Comme vu précédemment, lorsqu’une avarie, une perte ou un retard est à déplorer sur le véhicule livré, le destinataire peut se retourner contre le voiturier et/ou l’expéditeur.

Cependant, l’article L. 133-6 impose un délai d’action très court, un an : « Les actions pour avaries, pertes ou retards, auxquelles peut donner lieu contre le voiturier le contrat de transport, sont prescrites dans le délai d’un an, sans préjudice des cas de fraude ou d’infidélité. Toutes les autres actions auxquelles ce contrat peut donner lieu, tant contre le voiturier ou le commissionnaire que contre l’expéditeur ou le destinataire, aussi bien que celles qui naissent des dispositions de l’article 1269 du Code de procédure civile, sont prescrites dans le délai d’un an ».

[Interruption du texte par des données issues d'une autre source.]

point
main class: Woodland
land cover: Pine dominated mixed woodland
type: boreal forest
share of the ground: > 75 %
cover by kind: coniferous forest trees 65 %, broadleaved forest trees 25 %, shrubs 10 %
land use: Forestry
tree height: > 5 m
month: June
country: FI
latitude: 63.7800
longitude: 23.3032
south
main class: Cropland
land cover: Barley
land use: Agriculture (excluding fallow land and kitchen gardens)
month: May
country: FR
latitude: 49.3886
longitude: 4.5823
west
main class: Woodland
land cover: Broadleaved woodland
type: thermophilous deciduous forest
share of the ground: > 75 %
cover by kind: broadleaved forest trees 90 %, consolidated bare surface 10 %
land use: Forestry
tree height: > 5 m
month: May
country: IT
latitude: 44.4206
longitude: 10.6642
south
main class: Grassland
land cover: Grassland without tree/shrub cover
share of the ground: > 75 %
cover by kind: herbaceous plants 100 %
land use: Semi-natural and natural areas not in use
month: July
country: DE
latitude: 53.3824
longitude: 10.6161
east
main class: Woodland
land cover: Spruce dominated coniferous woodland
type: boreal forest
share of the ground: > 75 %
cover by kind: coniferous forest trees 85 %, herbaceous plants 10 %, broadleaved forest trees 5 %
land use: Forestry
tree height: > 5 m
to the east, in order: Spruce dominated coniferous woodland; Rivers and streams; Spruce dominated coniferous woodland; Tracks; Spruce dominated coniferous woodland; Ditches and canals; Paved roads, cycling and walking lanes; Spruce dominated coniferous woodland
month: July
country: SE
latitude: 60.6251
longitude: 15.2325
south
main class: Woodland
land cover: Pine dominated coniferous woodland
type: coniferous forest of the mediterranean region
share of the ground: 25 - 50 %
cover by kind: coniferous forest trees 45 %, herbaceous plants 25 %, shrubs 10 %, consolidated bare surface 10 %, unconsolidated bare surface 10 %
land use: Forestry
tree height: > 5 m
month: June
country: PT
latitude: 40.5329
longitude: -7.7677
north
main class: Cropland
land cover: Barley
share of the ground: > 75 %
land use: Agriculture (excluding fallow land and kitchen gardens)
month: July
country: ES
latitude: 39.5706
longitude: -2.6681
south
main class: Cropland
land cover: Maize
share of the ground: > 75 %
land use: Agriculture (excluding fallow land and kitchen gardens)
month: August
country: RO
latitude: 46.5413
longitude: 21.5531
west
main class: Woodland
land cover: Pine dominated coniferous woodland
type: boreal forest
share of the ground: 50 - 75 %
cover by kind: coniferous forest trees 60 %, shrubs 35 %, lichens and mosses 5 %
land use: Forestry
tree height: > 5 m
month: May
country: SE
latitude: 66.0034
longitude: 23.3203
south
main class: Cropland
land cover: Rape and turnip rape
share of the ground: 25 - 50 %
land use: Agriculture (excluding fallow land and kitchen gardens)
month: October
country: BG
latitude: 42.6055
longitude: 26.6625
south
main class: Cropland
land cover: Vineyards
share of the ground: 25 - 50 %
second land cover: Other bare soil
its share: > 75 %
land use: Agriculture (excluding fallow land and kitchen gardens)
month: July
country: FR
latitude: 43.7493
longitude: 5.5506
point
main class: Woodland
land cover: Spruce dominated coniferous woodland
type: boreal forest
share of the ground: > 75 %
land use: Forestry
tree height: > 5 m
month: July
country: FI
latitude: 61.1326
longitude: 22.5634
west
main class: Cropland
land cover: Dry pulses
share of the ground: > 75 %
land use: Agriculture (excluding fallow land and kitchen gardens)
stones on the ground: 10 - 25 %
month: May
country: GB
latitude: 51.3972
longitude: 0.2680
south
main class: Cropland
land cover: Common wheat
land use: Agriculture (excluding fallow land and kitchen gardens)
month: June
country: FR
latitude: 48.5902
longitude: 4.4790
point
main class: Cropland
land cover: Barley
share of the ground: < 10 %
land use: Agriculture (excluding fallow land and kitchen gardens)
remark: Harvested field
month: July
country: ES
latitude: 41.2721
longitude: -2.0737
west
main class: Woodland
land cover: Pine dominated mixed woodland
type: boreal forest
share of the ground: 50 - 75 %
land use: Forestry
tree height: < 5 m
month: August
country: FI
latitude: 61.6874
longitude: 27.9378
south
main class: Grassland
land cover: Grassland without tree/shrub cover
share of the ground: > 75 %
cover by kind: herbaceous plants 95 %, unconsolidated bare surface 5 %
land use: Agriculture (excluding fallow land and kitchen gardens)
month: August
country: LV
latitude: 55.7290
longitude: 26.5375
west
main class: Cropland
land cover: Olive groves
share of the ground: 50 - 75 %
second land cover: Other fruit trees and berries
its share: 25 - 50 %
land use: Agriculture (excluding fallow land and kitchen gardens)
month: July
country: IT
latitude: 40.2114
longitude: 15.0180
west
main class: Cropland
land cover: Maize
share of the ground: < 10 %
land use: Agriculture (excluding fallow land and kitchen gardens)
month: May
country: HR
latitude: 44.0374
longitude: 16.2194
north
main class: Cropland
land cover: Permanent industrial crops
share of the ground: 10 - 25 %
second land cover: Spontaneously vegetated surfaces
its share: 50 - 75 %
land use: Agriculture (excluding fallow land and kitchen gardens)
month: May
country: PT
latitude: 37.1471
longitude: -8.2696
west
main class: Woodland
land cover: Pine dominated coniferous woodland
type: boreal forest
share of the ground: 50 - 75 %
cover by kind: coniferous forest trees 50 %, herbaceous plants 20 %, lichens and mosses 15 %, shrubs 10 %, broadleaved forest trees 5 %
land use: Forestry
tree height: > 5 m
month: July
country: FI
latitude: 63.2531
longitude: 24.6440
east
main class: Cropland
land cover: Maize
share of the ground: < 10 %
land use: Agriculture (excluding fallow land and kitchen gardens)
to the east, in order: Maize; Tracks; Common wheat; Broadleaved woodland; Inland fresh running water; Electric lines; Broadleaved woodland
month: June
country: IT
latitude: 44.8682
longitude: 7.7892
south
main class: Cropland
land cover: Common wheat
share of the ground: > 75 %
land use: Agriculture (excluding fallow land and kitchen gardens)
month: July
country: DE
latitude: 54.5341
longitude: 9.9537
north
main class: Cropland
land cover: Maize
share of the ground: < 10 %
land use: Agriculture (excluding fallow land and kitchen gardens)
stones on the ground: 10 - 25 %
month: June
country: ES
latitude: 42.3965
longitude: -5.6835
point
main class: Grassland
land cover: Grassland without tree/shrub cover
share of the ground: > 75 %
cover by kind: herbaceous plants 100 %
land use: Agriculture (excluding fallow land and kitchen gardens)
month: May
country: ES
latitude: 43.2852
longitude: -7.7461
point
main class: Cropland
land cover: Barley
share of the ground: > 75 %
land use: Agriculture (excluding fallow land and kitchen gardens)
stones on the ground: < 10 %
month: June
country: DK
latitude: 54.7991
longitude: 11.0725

Ce délai commence à courir, dans le cas d’une perte totale, du jour où la remise de la marchandise aurait dû être effectuée, et, dans tous les autres cas, du jour où la marchandise a été remise. Il convient ainsi d’être attentif, car ce délai d’un an est applicable pour toute action relative au contrat de transport : paiement des dégâts survenus sur le véhicule, règlement du prix du transport…

Le seul moyen qui permet d’outrepasser ce délai est de démontrer l’existence d’une fraude ou d’une infidélité. À cet égard, et même s’il n’existe aucune définition légale, la cour d’appel de Paris a expliqué dans l’une de ses décisions que les notions de « fraude et d’infidélité » sous-entendaient « une volonté malveillante tendant à dissimuler le préjudice causé à l’expéditeur ou au destinataire ou à induire en erreur ceux-ci afin de paralyser toute action en justice ou demande indemnitaire »,  (CA Paris, 6 octobre 2004, n° 02/16370). En d’autres termes, il s’agit du comportement qui met une partie dans l’impossibilité de faire valoir ses droits en temps utile.

Par ailleurs, il existe un délai encore plus restrictif en cas d’action récursoire, c’est-à-dire lorsqu’une partie, par exemple le voiturier, souhaite appeler en cause une autre partie, par exemple l’expéditeur. Celui-ci sera d’un mois et commence à courir au jour de l’exercice de l’action contre le garanti, ce qui, dans la pratique, correspond à la date figurant sur l’acte d’assignation signifié.

Il est donc impératif, pour chaque problématique de livraison de véhicule, de bien identifier les différents intervenants, d’analyser la manière dont la réception a eu lieu et de vérifier les délais applicables pour enclencher la bonne action dans le bon délai et espérer obtenir gain de cause devant un tribunal.